There's some good tips on this page:
http://www.amazenproducts.com/Articles.asp?ID=238


----------



## mr t 59874 (Jun 21, 2013)

Disco said:


> I am going to use my AMNPS with sawdust instead of pellets for the first time to cold smoke some cheese tomorrow. Does anyone out there have any advice or is it just the same as using pellets?
> 
> Disco


Disco, you will find that by using saw dust it will burn longer.  By putting sawdust into a blender and making a powder, a ± 17 hour burn can be achieved while burning cooler than regular sawdust.

As you live in a drier climate as myself,  be concerned of the cheese drying a bit.  To counter this, consider placing a moist towel or pan of water in your smoker to raise the humidity. This will also help the smoke stick to the cheese better.

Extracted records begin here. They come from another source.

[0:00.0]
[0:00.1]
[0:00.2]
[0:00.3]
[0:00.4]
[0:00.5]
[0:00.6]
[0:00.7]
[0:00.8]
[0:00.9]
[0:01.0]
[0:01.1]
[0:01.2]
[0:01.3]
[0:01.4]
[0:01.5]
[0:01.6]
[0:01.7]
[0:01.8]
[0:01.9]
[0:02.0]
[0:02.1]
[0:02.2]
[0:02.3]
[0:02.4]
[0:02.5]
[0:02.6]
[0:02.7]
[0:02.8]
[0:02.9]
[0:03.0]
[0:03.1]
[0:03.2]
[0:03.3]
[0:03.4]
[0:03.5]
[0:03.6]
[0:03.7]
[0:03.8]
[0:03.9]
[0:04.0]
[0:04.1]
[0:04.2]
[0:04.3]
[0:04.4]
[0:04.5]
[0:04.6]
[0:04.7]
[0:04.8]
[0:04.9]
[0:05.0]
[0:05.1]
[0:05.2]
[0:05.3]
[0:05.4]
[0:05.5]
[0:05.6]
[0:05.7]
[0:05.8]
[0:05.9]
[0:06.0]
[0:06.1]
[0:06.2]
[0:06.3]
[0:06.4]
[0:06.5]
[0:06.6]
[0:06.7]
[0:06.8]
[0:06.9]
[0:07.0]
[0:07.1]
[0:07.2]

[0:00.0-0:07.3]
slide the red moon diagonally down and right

Hope this helps, let us know how it turns out.

Tom


----------



## Bearcarver (Jun 21, 2013)

Disco,

I never burned dust in my AMNPS, because I have an AMNS specifically designed for dust.

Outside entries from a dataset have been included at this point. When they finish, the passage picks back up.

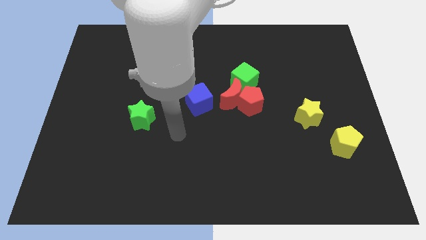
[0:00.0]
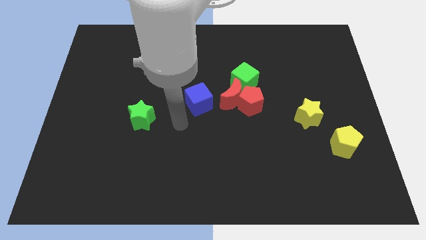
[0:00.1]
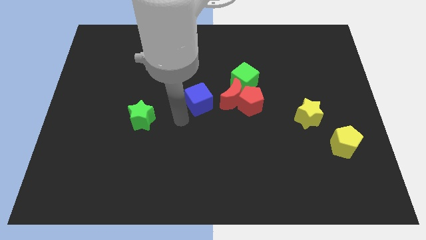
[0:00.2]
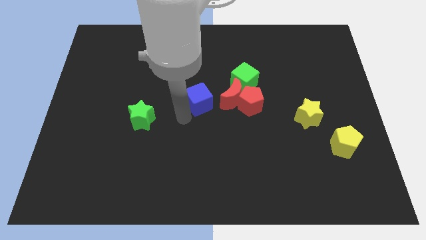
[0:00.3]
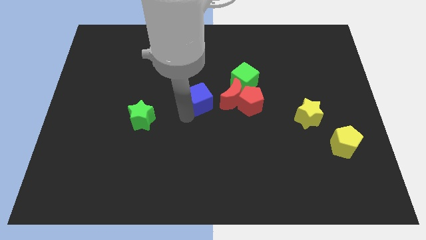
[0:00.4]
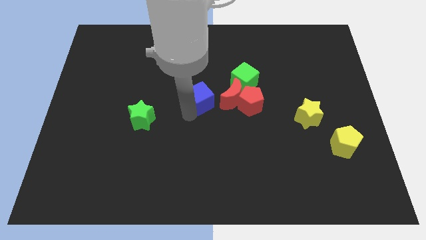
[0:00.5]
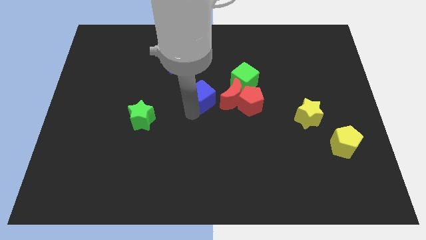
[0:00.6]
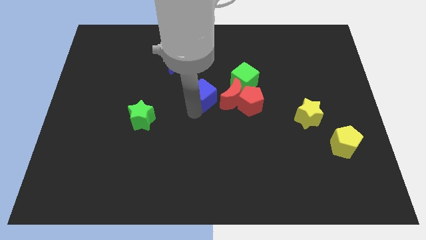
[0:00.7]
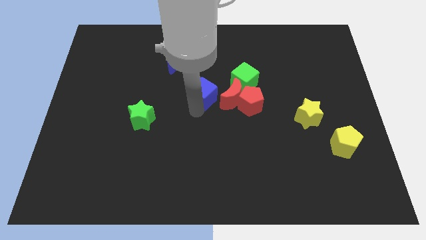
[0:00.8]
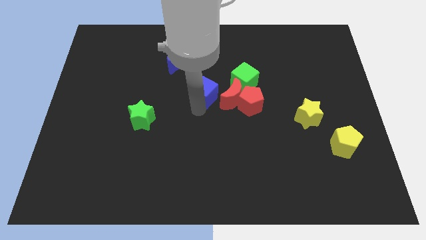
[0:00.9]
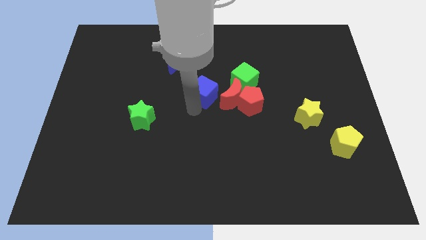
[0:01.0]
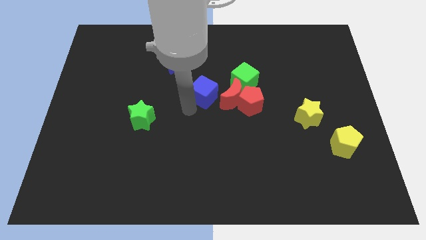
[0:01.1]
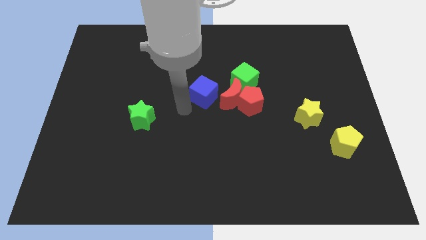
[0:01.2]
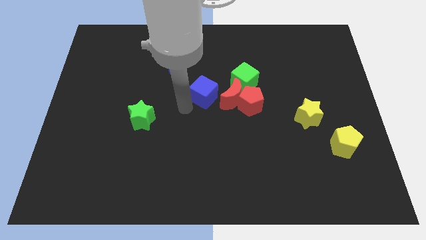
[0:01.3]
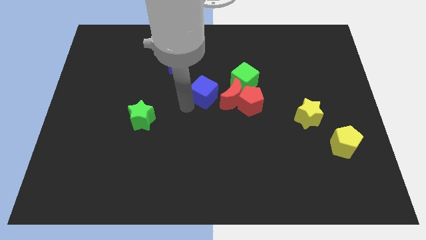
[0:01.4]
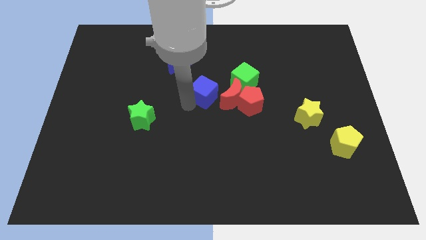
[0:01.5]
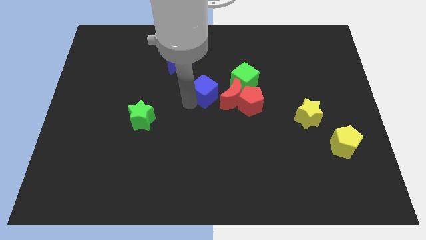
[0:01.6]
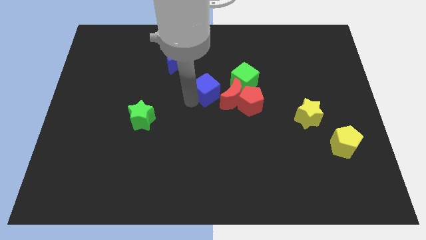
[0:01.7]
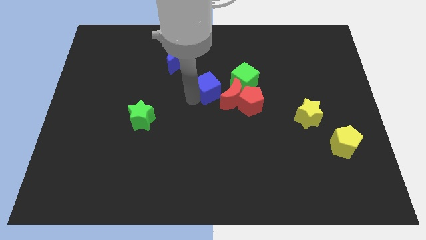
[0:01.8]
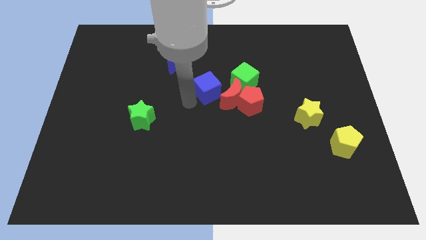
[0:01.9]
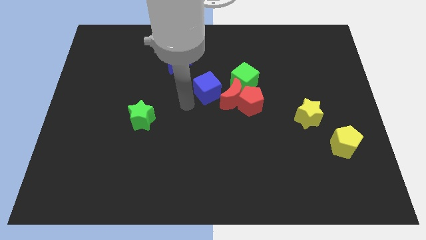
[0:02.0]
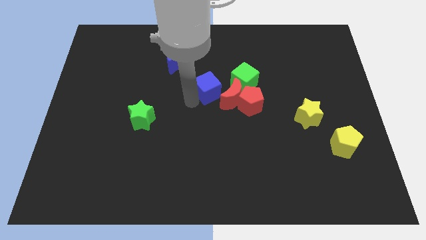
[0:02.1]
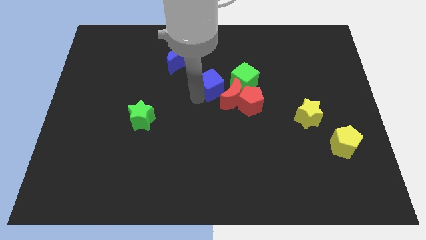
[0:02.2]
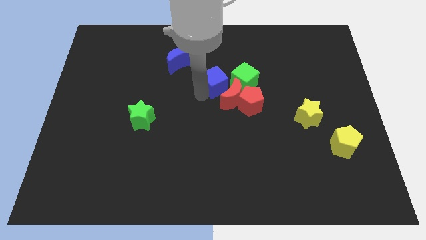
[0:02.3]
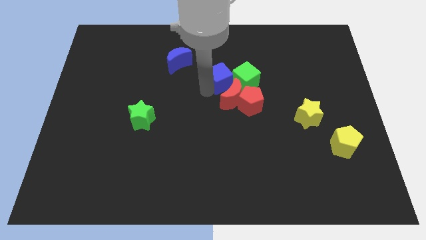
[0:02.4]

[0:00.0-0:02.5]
move the blue cube a bit upwards and to the right

However I'll give you one tip:

Use a weak little Butane torch to light the dust, instead of a powerful Propane torch.

I once put my "FatBoy" torch up to the AMNS, and blew half a row of sawdust in the air. It was comical !!! 
	

	
	
		
		



		
			






Bear


----------



## aeroforce100 (Jun 21, 2013)

Would have liked to see that!


----------



## disco (Jun 21, 2013)

S2K9K said:


> There's some good tips on this page:
> http://www.amazenproducts.com/Articles.asp?ID=238





Mr T 59874 said:


> Disco, you will find that by using saw dust it will burn longer.  By putting sawdust into a blender and making a powder, a ± 17 hour burn can be achieved while burning cooler than regular sawdust.
> 
> As you live in a drier climate as myself,  be concerned of the cheese drying a bit.  To counter this, consider placing a moist towel or pan of water in your smoker to raise the humidity. This will also help the smoke stick to the cheese better.
> 
> ...


Thanks guys.  I was going to use the propane torch but I will pick up a torch. I had planned to put an ice tray under the cheese but we have had 3 days of torrential rain and cold weather (flooding and evacuations in the area, washed out roads, etc). I don't think drying out or high temperatures are going to be a problem. 

Disco

Disco


----------



## bagbeard (Jun 22, 2013)

nasty weather out there! u in risk of flooding? we got some water issues here in ontario, holland marsh area. couple of hours from me though. here the farmland is looking better than ever!


----------



## disco (Jun 22, 2013)

bagbeard said:


> nasty weather out there! u in risk of flooding? we got some water issues here in ontario, holland marsh area. couple of hours from me though. here the farmland is looking better than ever!


Fortunately, I live on the side of a mountain but areas all around here are flooded. There are many roads closed and washed out.


----------